SÃO PAULO, SP (FOLHAPRESS) - O Athletico-PR estabeleceu uma crise no Flamengo, que já era criticado pelo desempenho e agora está eliminado da Copa do Brasil. A equipe paranaense teve uma noite muito feliz nesta quarta-feira (27), no Rio de Janeiro, em que venceu por 3 a 0 e avançou à decisão do torneio.

Os dois gols de Nikão e o tento derradeiro de Zé Ivaldo credenciaram os comandados de Alberto Valentim a enfrentar o Atlético-MG na final, nos dias 12 e 15 de dezembro. E fizeram o técnico dos donos da casa, Renato Gaúcho, ouvir estridentes e impublicáveis xingamentos dos torcedores presntes no Maracanã.

Na outra semifinal, o Atlético-MG avançou com facilidade. Depois encaminhar sua classifação com uma goleada por 4 a 0 no jogo de ida, em Belo Horizonte, confirmou a vaga fazendo 2 a 1 no Fortaleza, em Fortaleza, gols de Diego Costa e Hulk. Romarinho descontou.

Já o lado rubro-negro da chave teve mais equilíbrio, ao menos na primeira meta. O duelo começou com um empate por 2 a 2 em Curiiba, na semana passada.

Já no Rio, os visitantes se apresentaram de forma mais organizada e construíram boa vantagem ainda na etapa inicial, com dois gols de Nikão. O primeiro saiu aos dez minutos, de pênalti, e o segundo, já nos acréscimos, aos 52, após contra-ataque.

Houve vaias nas arquibancadas assim que o árbitro encerrou o primeiro tempo, como reflexo da fase ruim do time dirigido por Renato Gaúcho. A um mês de disputar a final da Libertadores com o Palmeiras, no dia 27 de novembro, em jogo único, no Uruguai, o Flamengo amarga uma desclassificação e chega ao quarto jogo seguido sem vencer, entre compromissos pelo Brasileiro e pelo mata-mata nacional.

Quarto colocado do Brasileiro, com 13 pontos a menos em relação ao líder Atlético-MG (59 a 46), a equipe carioca terá agora no campeonato mais dez jogos para arrumar o time antes da decisão do continental.

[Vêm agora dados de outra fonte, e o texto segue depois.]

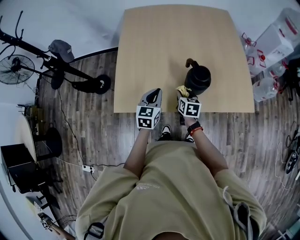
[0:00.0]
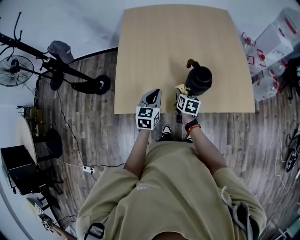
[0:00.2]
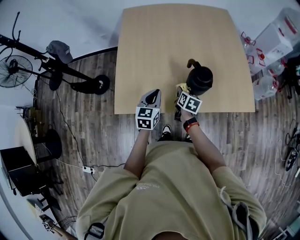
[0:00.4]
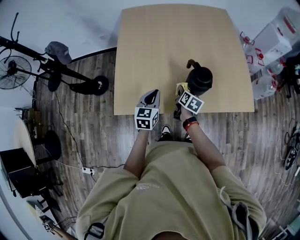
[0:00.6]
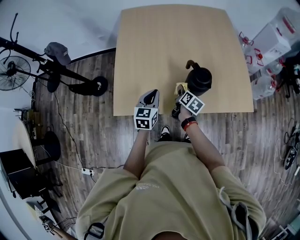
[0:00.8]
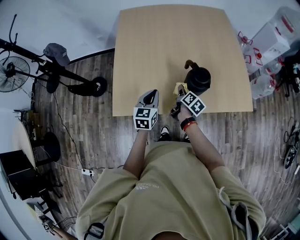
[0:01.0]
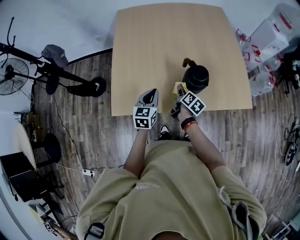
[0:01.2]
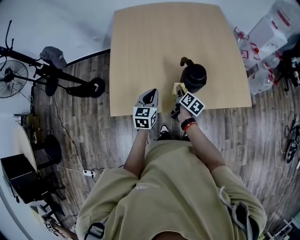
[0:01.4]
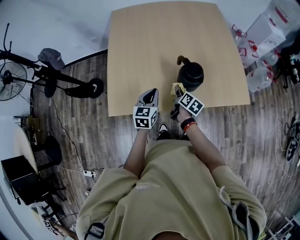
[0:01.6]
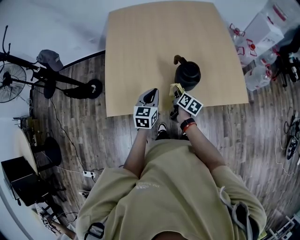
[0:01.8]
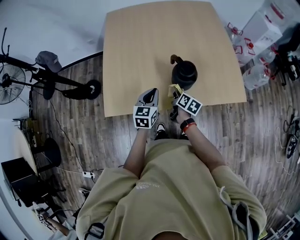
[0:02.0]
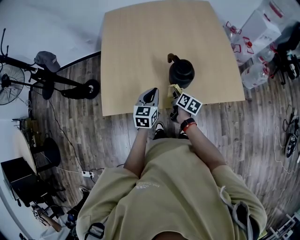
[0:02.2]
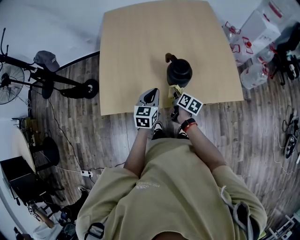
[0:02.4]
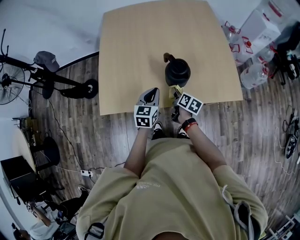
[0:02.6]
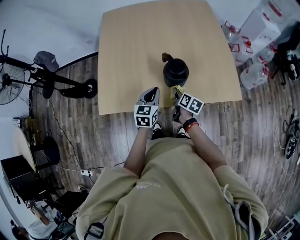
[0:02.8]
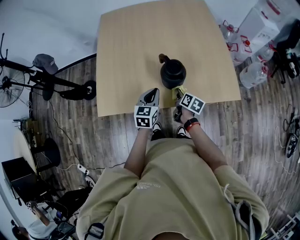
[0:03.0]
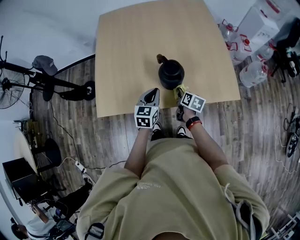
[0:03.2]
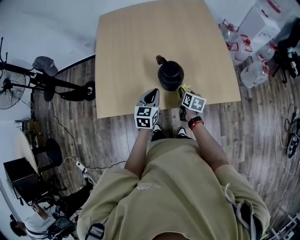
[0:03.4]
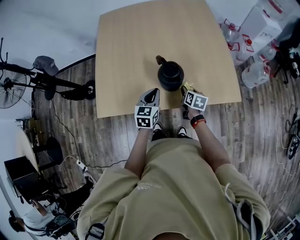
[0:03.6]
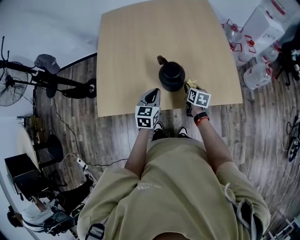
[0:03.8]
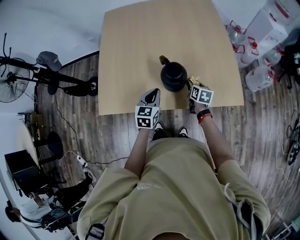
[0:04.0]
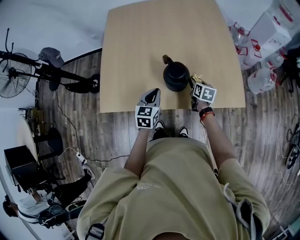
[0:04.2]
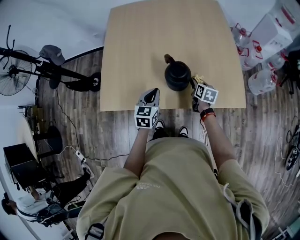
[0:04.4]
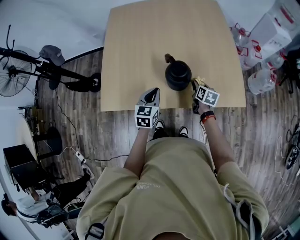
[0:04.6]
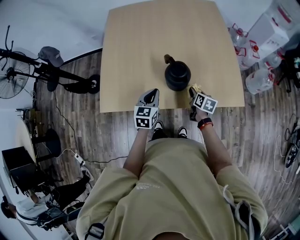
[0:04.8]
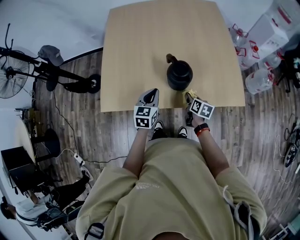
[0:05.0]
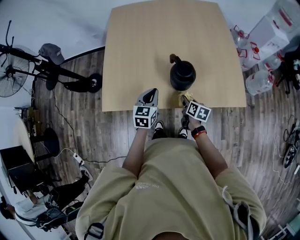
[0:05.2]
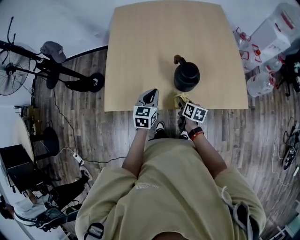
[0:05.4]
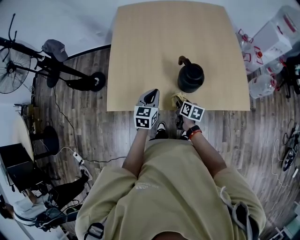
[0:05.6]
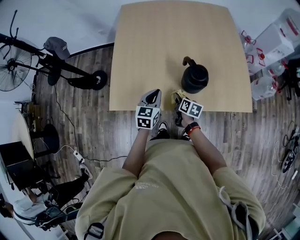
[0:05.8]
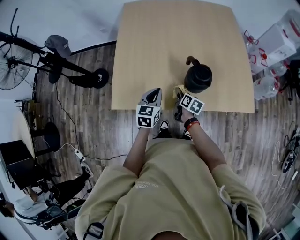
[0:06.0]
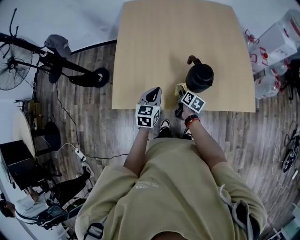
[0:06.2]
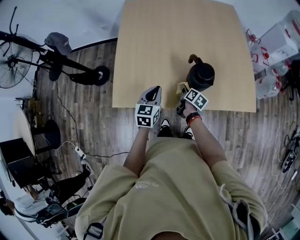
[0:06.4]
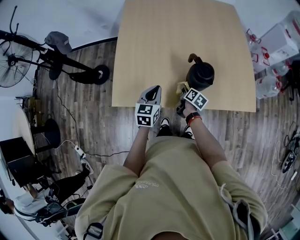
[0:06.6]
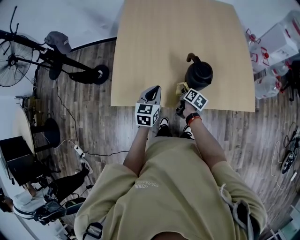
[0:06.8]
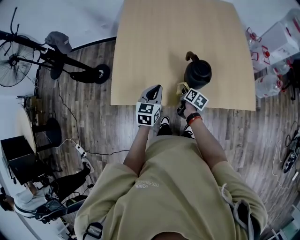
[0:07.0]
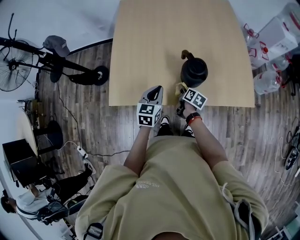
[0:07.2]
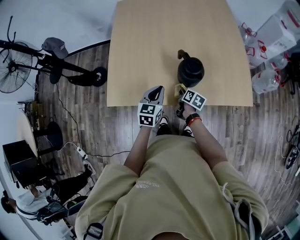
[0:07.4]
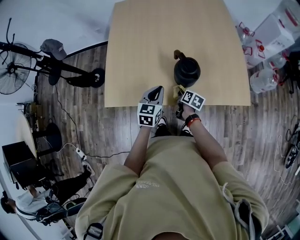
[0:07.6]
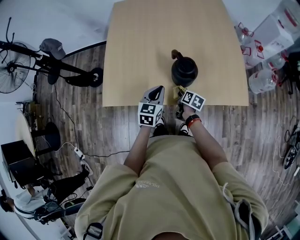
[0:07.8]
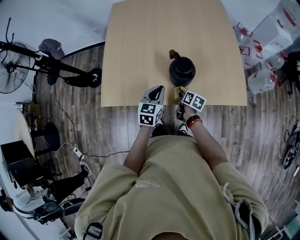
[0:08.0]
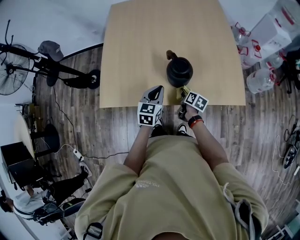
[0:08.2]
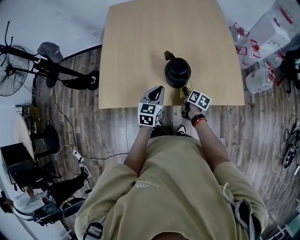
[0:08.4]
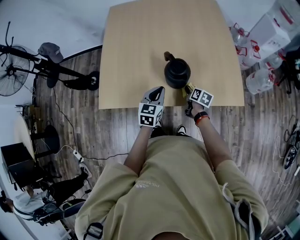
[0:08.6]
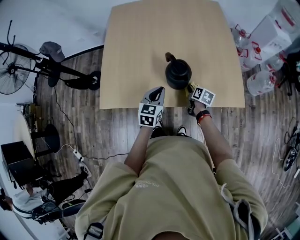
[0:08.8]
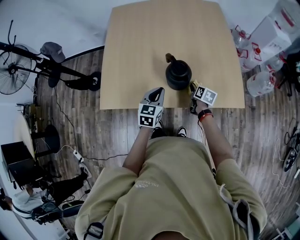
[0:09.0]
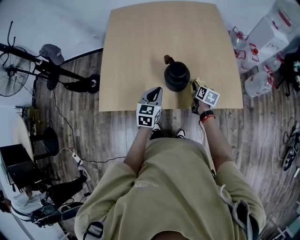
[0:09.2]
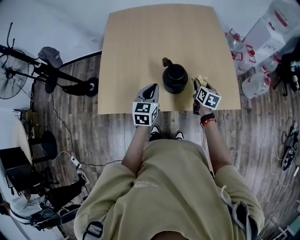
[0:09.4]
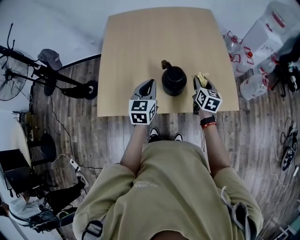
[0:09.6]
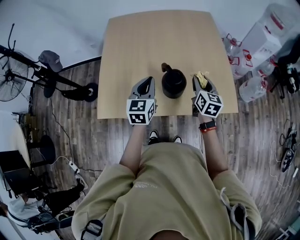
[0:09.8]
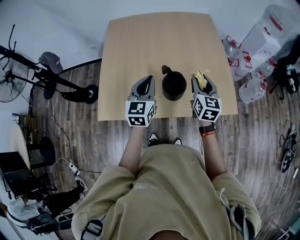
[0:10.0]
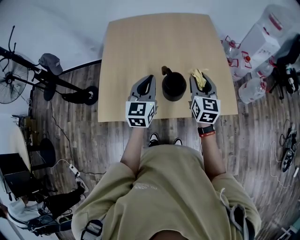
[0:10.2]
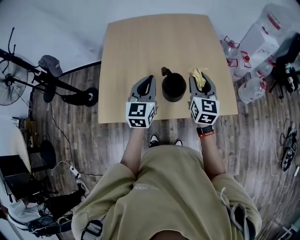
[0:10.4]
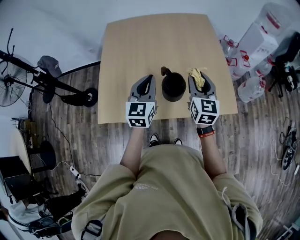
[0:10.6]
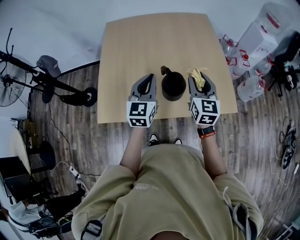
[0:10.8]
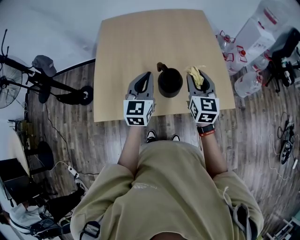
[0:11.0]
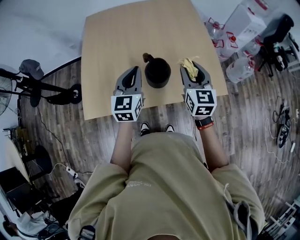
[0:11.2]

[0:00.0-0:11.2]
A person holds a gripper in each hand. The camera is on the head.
0:00.0 to 0:01.6: The right gripper turns by about 40 degrees.
0:01.6 to 0:03.2: Both grippers travel together to the right, roughly 15 cm.
0:03.2 to 0:04.8: The right gripper goes forward and returns, some 10 cm each way.
0:04.8 to 0:06.4: The grippers both shift to the left by about 15 cm.
0:06.4 to 0:08.0: The grippers both shift to the right by roughly 10 cm.
0:08.0 to 0:09.6: The left gripper shifts about 10 cm upward; the right gripper moves upward and to the right, roughly 20 cm, and turns by roughly 40 degrees.
0:09.6 to 0:11.2: The left gripper heads upward, covering roughly 5 cm. Meanwhile the right gripper goes approximately 15 cm upward, and swivels roughly 20 degrees.

Na próxima rodada, o adversário será justamente o Atlético-MG, no sábado (30), novamente no Maracanã. Será o primeiro teste para um time que se mostrou bastante nervoso diante do Athletico.

Com oito minutos, o time paranaense já estava vencendo. Nikão converteu um pênalti assinalado por Wilton Pereira de Sampaio após ele ter sido chamado pelo VAR (árbitro de vídeo) para revisar um pisão de Filipe Luís em Renato Kayzer na grande área.

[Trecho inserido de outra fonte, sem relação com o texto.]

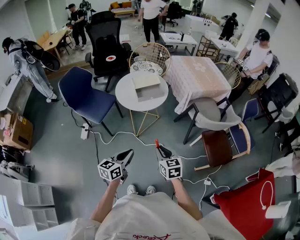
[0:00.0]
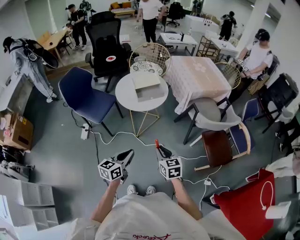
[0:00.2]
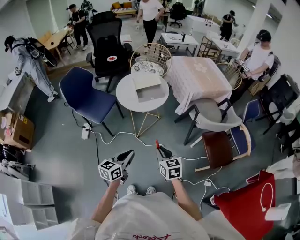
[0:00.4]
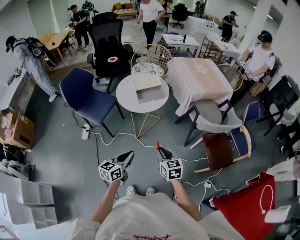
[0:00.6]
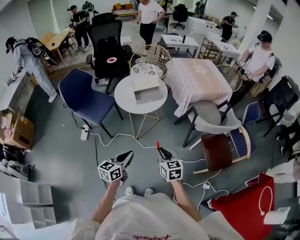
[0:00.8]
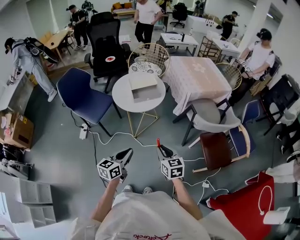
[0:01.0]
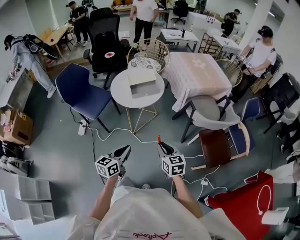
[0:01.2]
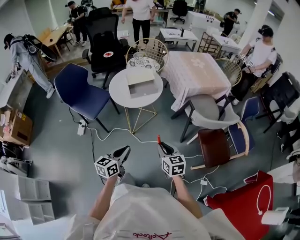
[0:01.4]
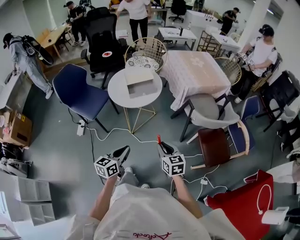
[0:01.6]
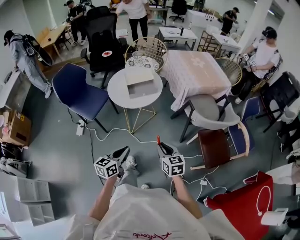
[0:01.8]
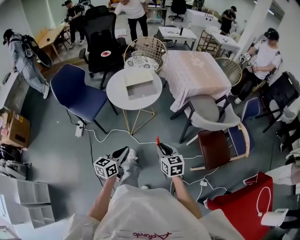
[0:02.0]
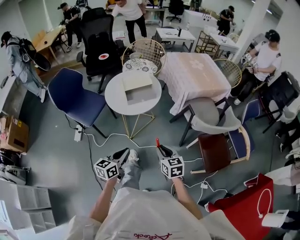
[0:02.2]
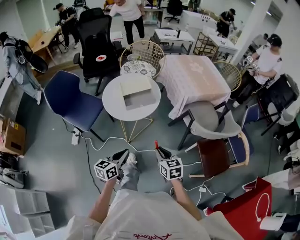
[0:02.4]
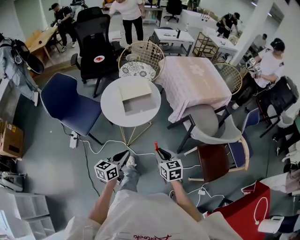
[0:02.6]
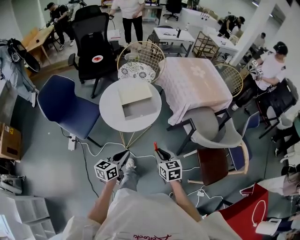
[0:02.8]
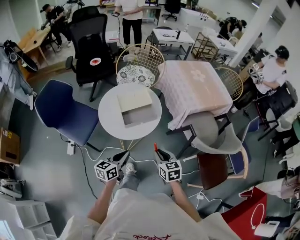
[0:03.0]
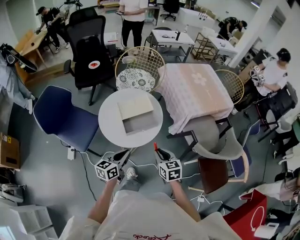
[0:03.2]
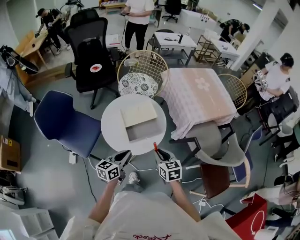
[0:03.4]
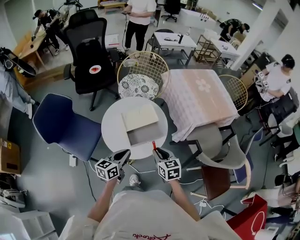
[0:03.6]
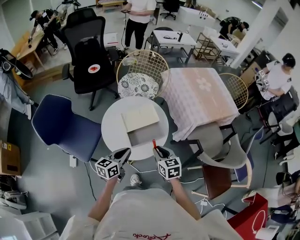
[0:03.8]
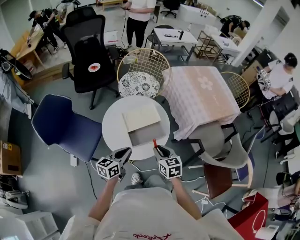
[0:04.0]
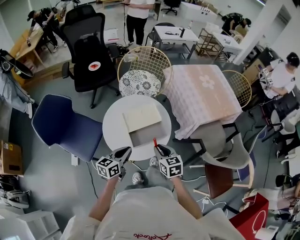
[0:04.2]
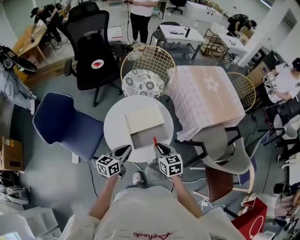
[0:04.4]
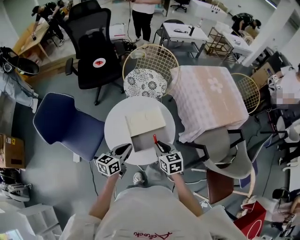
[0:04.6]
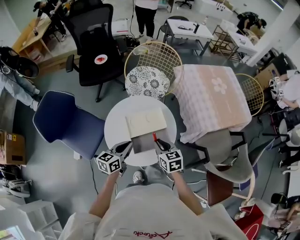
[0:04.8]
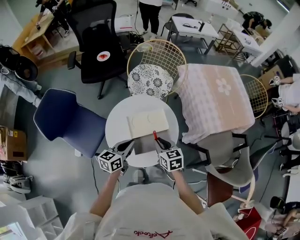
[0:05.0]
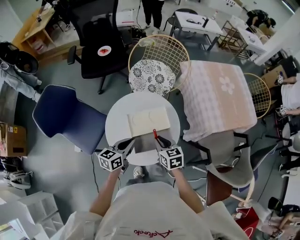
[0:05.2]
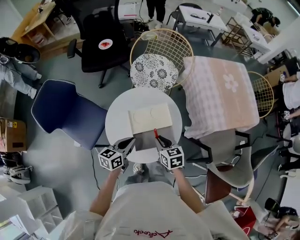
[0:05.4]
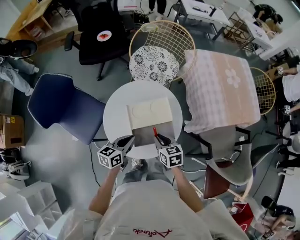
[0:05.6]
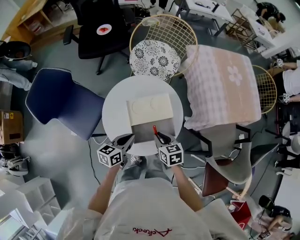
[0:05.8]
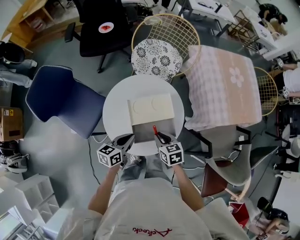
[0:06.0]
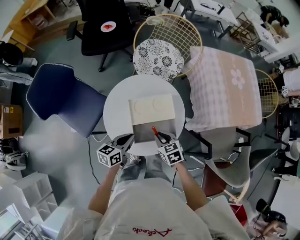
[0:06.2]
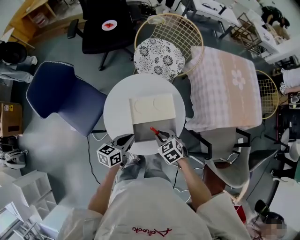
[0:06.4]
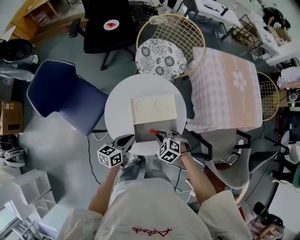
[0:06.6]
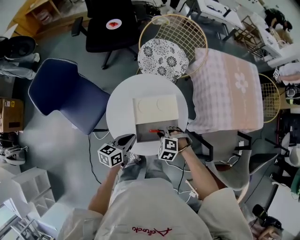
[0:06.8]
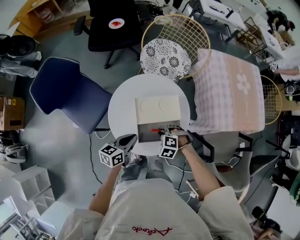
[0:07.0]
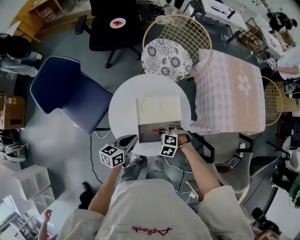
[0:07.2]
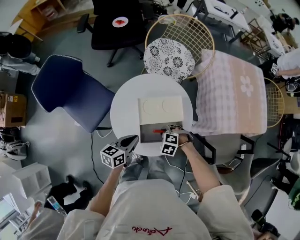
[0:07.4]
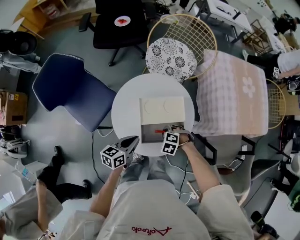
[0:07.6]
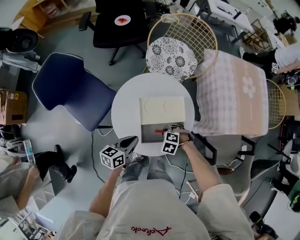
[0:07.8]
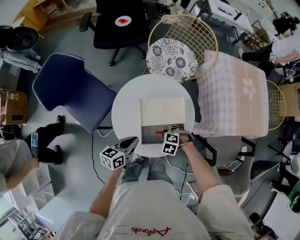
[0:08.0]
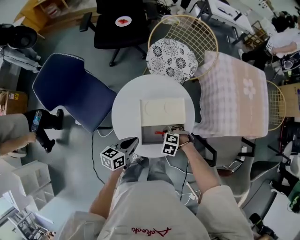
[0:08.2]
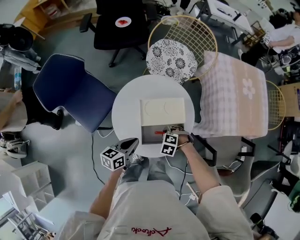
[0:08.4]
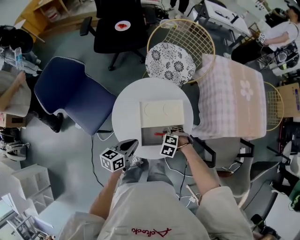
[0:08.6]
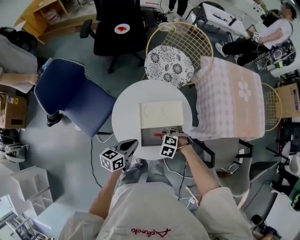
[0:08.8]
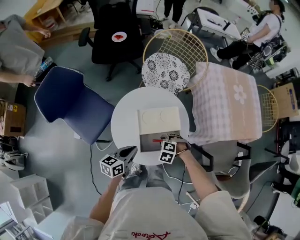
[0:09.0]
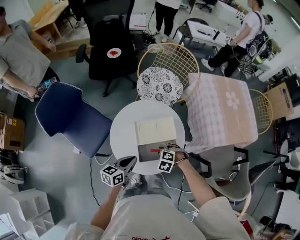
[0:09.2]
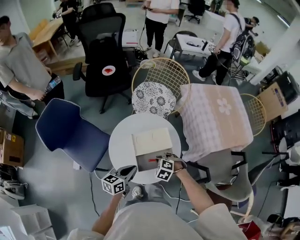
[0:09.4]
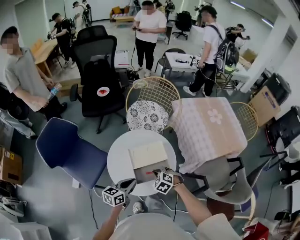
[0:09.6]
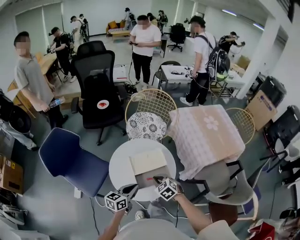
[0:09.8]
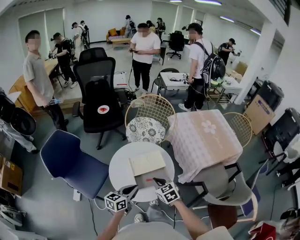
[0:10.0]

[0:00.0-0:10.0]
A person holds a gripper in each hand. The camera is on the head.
0:00.0 to 0:01.4: The two grippers go some 5 cm to the right.
0:01.4 to 0:02.8: Both grippers travel together forward, approximately 20 cm.
0:02.8 to 0:04.2: Both grippers move forward and to the left, approximately 25 cm.
0:04.2 to 0:05.8: The right gripper heads downward and forward, covering about 15 cm. Meanwhile the left gripper moves forward and downward, roughly 10 cm.
0:05.8 to 0:07.2: The right gripper travels downward by roughly 10 cm, and twists roughly 70 degrees counterclockwise, seen from behind.
0:07.2 to 0:08.6: The grippers move only a little.
0:08.6 to 0:10.0: The right gripper travels upward by some 20 cm, and points its fingers roughly 40 degrees further upward. Meanwhile the left gripper is displaced upward by roughly 10 cm, and turns by some 20 degrees.

Era o cenário ideal para a postura que Alberto Valentim havia desenhado para sua equipe, fechando-se na defesa e explorando contra-ataques. Enquanto isso, o Flamengo tinha dificuldade para furar a zaga rival.

Sem conseguir chegar ao empate com toque de bola, o Flamengo passou a insistir em bolas alçadas na área. E quase cavou um pênalti, aos 33, quando o árbitro entendeu como falta um esbarrão entre Bruno Henrique e Thiago Heleno. Novamente chamado para uma revisão, porém, Wilton cancelou a marcação que havia feito no campo.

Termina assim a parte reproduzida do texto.